14 Nov 018 – How to Own Property Without Owning It!
This week we’re talking about ways to buying property without actually owning it. If you want to buy an investment buy only have a couple of thousand dollars to so, you can actually get a property now.
How do you buy a property without owning it?
For as little as $100 in some cases, you can purchase property. How? Using REIT’s
REIT – Real estate investment trust.
All that a REIT is, is a trust that owns a property. A trust is a structure similar to a company, one trust might own 20 different commercial properties, rather than buying the whole trust you can just buy some units from it. It’s similar to a share, rather than buying shares though, you buy units in these structures.
In Australia we call it AREIT’s (A for Australian).

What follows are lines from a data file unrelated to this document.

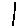
Label: line
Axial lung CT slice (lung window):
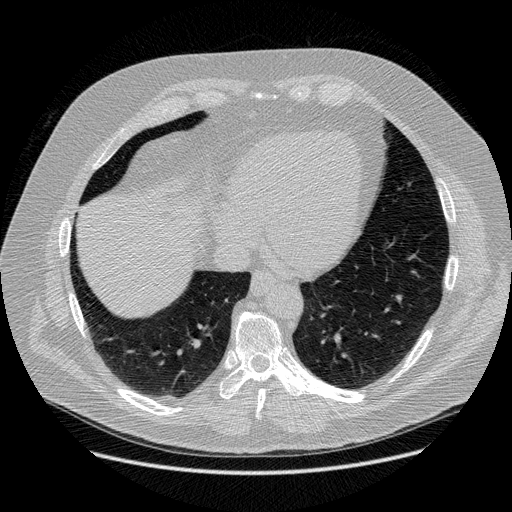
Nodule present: no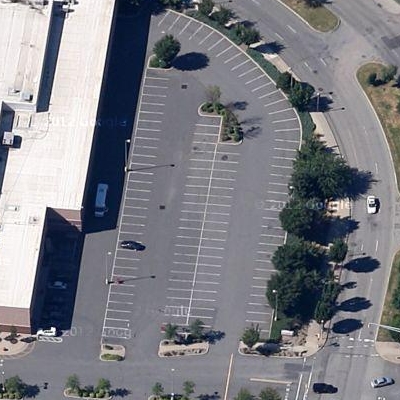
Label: Parking
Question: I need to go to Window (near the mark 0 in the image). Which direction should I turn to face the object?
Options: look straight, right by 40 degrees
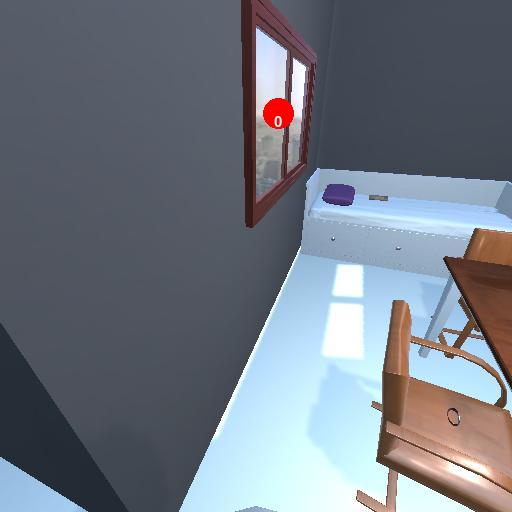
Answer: look straight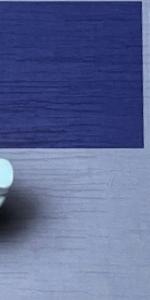
Label: Empty
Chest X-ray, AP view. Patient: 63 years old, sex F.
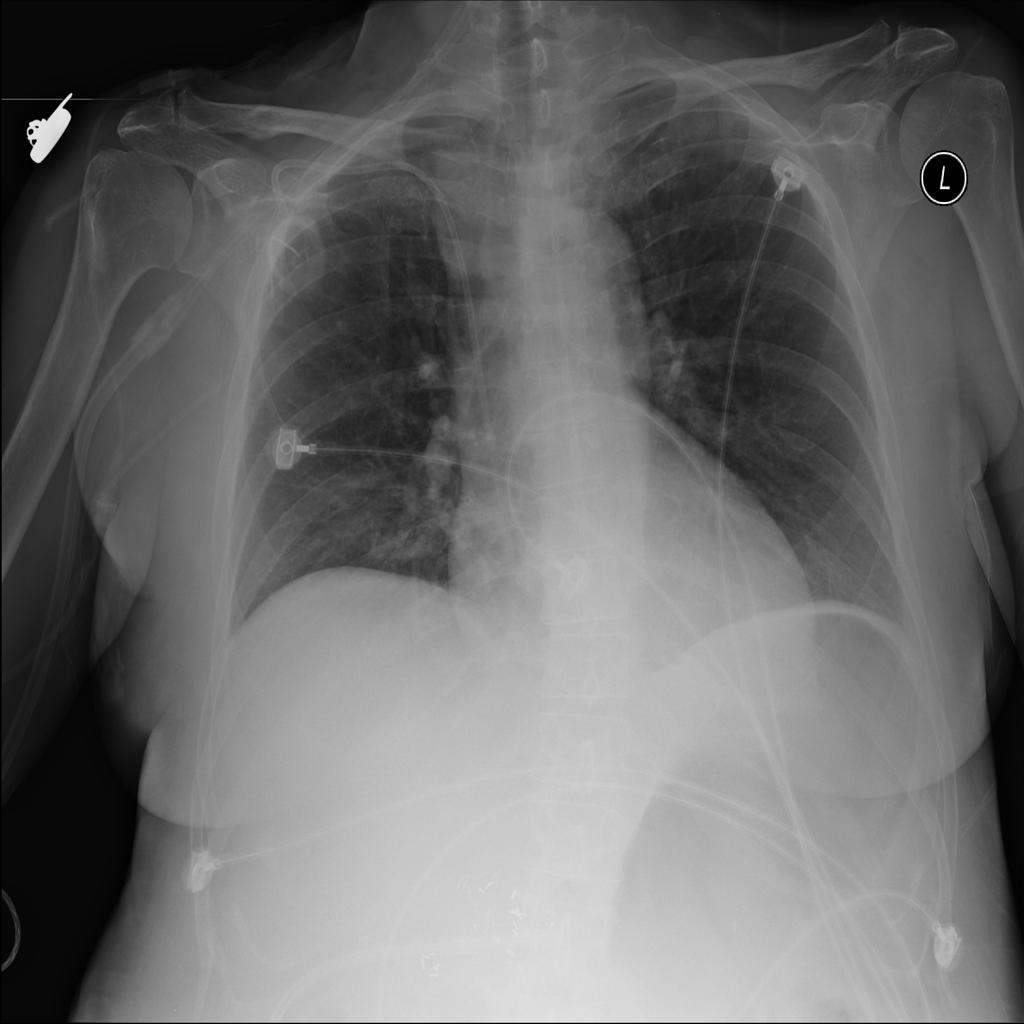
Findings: No Finding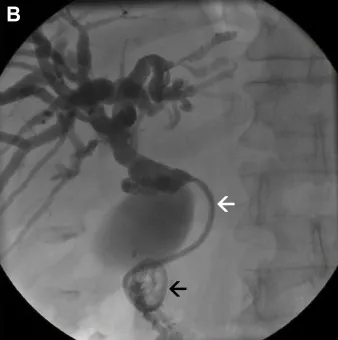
Percutaneous transhepatic cholangiodrainage (PTCD). Control cholangiogram after positioning of a 8 F PTCD for combined external/internal drainage (black arrow: configuration of the pigtail of the PTCD in the duodenum; white arrows: bridging of the malignant obstruction via the 8 F PTCD) (B).
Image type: radiology (x_ray)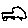
Label: car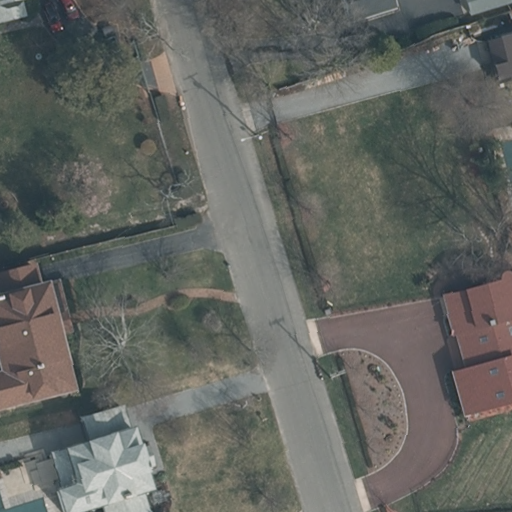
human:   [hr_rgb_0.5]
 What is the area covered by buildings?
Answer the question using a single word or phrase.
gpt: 1060m2

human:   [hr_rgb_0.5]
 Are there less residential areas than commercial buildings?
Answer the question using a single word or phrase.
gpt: no

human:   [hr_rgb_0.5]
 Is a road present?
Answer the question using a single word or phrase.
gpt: yes

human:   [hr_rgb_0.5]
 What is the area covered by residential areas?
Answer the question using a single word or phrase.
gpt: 10595m2

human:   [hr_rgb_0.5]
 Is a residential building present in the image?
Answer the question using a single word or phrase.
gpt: yes

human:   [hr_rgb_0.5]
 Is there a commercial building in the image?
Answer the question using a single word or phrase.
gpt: no

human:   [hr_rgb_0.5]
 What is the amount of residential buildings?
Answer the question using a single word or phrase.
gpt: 6

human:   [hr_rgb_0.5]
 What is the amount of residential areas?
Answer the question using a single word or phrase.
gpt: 1

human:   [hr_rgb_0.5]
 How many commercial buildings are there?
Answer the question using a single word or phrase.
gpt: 0

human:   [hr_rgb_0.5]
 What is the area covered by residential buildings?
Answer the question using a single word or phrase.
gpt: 1030m2

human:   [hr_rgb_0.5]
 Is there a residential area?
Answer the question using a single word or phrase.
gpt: yes

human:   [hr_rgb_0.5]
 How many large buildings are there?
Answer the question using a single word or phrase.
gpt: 0

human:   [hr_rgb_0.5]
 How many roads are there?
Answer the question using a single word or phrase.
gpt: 1

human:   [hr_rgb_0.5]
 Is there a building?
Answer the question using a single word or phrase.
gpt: yes

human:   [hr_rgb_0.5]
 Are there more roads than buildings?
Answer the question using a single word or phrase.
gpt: no

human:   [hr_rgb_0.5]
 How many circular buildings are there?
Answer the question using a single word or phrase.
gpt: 0

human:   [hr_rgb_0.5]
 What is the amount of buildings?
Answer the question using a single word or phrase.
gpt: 7

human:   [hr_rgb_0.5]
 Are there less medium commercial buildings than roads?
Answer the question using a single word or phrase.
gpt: yes

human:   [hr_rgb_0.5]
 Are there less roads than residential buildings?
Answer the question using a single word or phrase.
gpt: yes

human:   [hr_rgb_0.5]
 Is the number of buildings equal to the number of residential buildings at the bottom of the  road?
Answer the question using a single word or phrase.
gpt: no

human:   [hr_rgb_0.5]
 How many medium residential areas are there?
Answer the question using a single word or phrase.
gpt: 0

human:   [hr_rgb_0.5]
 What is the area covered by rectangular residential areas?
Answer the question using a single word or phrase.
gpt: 10595m2

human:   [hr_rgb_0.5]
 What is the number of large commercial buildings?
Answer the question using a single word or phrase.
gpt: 0

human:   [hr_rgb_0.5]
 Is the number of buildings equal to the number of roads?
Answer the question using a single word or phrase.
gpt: no

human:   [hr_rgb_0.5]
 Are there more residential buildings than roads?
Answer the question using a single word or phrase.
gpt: yes

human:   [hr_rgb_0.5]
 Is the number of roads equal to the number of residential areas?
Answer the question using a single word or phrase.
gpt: yes

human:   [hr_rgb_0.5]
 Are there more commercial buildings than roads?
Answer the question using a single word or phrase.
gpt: no

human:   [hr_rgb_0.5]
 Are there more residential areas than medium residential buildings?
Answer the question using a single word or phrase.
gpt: no

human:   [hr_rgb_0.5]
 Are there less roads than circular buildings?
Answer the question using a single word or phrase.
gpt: no

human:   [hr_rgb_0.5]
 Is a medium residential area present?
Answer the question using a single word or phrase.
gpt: no

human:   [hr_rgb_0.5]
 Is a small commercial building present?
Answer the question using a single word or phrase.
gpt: no

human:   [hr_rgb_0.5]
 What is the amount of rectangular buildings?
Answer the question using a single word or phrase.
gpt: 2

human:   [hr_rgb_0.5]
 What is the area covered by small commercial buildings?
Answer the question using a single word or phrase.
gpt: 0m2

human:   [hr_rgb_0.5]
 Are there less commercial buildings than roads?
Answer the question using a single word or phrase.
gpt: yes

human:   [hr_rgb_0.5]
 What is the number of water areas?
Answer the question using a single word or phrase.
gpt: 0

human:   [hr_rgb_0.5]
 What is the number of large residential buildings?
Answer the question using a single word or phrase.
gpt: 0

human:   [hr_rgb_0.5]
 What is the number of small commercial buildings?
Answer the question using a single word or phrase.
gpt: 0

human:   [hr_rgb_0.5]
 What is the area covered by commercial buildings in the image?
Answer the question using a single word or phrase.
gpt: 0m2

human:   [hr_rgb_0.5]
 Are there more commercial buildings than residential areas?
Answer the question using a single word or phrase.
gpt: no

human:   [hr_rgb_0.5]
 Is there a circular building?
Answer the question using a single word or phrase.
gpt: no

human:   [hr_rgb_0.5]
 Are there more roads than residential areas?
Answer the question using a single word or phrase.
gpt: no

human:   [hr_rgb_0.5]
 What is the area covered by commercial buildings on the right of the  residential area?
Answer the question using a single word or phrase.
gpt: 0m2

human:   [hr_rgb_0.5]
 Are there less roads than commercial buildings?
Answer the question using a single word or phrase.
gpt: no

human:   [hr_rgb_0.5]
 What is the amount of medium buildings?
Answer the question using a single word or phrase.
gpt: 3

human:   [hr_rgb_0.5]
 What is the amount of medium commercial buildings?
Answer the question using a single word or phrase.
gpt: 0

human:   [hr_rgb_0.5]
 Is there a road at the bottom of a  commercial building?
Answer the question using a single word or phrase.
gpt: no

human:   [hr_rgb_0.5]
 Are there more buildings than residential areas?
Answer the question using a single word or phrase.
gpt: yes

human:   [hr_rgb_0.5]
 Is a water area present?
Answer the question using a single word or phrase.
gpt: no

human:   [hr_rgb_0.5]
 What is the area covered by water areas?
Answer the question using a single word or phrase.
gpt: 0m2

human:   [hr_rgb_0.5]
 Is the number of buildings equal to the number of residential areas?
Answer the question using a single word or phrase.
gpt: no

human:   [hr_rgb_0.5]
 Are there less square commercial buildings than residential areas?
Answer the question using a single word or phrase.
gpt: yes

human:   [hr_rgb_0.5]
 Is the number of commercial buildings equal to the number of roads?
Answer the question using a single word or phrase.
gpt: no

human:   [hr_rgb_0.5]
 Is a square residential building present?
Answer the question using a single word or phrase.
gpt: no

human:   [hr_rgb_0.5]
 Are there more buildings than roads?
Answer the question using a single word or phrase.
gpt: yes

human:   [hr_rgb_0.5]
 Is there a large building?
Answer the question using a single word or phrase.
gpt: no

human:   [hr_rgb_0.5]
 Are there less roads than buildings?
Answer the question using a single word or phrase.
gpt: yes

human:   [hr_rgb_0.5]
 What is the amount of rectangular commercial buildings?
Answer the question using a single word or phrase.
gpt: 0

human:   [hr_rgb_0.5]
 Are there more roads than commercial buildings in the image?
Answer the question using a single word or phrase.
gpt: yes

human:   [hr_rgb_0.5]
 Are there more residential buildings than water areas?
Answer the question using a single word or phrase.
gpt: yes

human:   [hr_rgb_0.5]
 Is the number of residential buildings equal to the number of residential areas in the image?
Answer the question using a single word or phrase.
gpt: no

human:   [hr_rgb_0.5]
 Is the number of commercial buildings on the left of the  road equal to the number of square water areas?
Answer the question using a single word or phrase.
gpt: yes

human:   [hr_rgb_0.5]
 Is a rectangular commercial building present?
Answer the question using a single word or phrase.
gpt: no

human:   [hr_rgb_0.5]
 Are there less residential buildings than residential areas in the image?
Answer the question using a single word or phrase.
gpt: no

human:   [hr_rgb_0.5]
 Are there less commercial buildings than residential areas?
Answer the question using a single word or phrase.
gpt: yes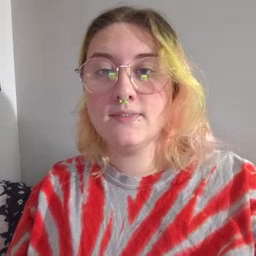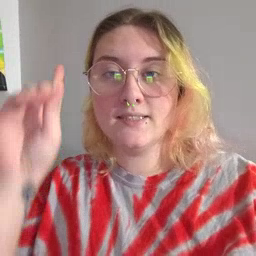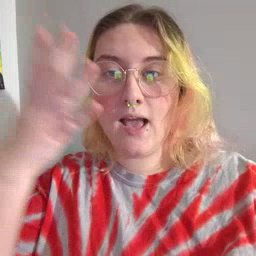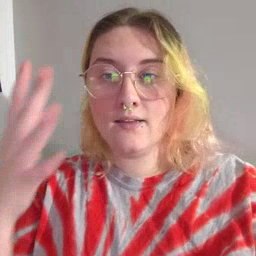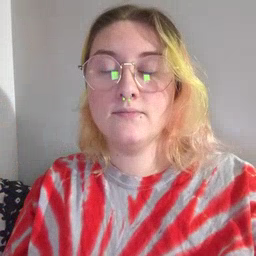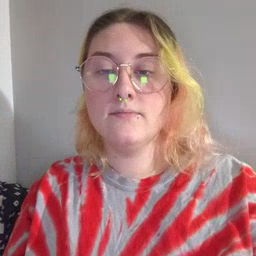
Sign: sun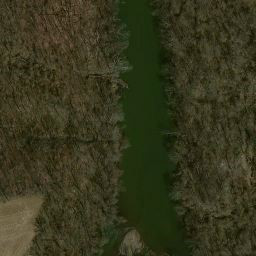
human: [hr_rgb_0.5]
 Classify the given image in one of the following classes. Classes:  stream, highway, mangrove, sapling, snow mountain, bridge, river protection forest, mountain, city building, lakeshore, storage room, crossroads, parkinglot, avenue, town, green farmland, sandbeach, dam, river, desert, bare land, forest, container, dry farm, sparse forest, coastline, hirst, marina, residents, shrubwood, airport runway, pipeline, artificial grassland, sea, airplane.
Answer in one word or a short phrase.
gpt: river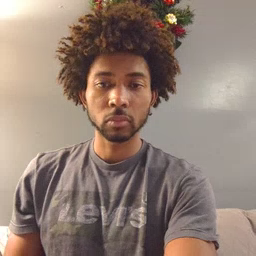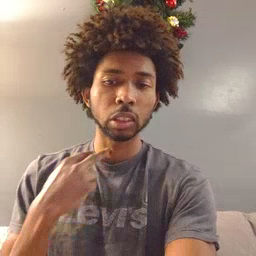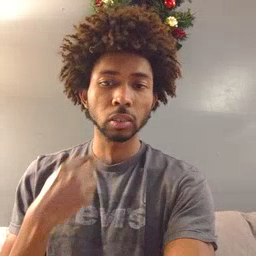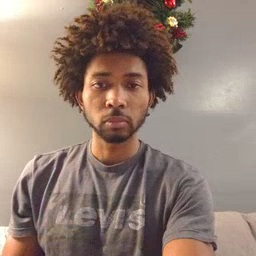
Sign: stuck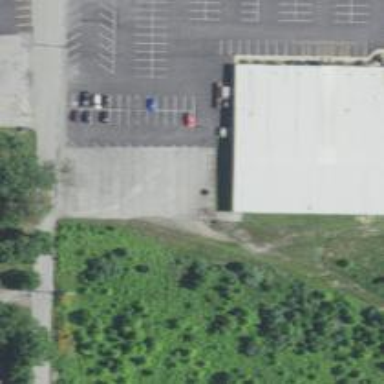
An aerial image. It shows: Building with bowling alley inside.
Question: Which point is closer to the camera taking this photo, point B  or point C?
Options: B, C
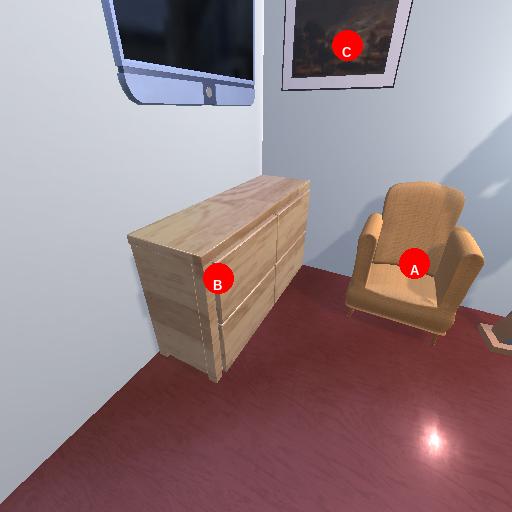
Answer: B

There are a few types – commercial properties, industrial parks, retirement villages, aged care facilities. There are a lot of different property investments you can make. They’re usually bigger, it’s a different skill set. They give you access to those instead of having to pay $30Mil for a shopping centre you can invest in it. It allows you to scale through your funds with someone else.
What do these look like?
Listed REIT’s: Westfield have it. On the Australian Stock Exchange you’ve got Stocklands, Mercure Group. What you’re actually buying is the underlying interest that Westfield has. You’d be then entitled to the rent and any capital growth those companies get.
Unlisted REIT’s: Private REIT’s aren’t on the stock exchange, there’s a bit of a risk involved, and they’re pretty liquid – which means they’re not as easy to get your money out of. Unlisted, sometimes you can’t get your money out for months, it can be up to six months. When things are going down, everyone wants to get their money out, but you can’t. What these funds did was froze the assets and over time drip fed the funds.
A risk with REIT’s:
- If they’re listed, they’re fairly volatile, they can go up and down a lot.
- We saw it in the GFC, even the listed REIT’s dropped by about 70% and crashed very hard in a small period.
Positives of REIT’s
- You get access to property even if you don’t have enough funds.
- If you give them $1,000, they will then allocate that money to the different properties, then you’re entitled to the rent those property get. So you get a better yield, usually indexed with CPI, so it will go up over the years. You can actually target the market you want, so health care facilities, you can buy retirement villages.
- You can invest globally, you’re not restricted to just Australia.
Not only can you invest in REIT’s you can invest in infrastructure funds. Another type of investment that allows you to get into bigger projects – like tunnels. If the government doesn’t have enough money for a project – like a new bridge or tunnel, so they give it to the private sector. Infrastructure globally is a good investment, the volatility in infrastructure is far less.
Example: Another GFC happens, everyone is shutting their businesses, moving overseas to reduce costs. Commercial property tenancy’s go down and people aren’t buying. Yet with infrastructure people still use train lines and toll bridges as a part of life, so it’s not as heavily affected.
If you’re more defensive in nature infrastructure could be a better choice.
Takeaway point from this episode:
- If you don’t have enough capital to purchase a property on your own, REIT’s could be the answer.
- There are two ways to invest – REIT’s and Infrastructure funds.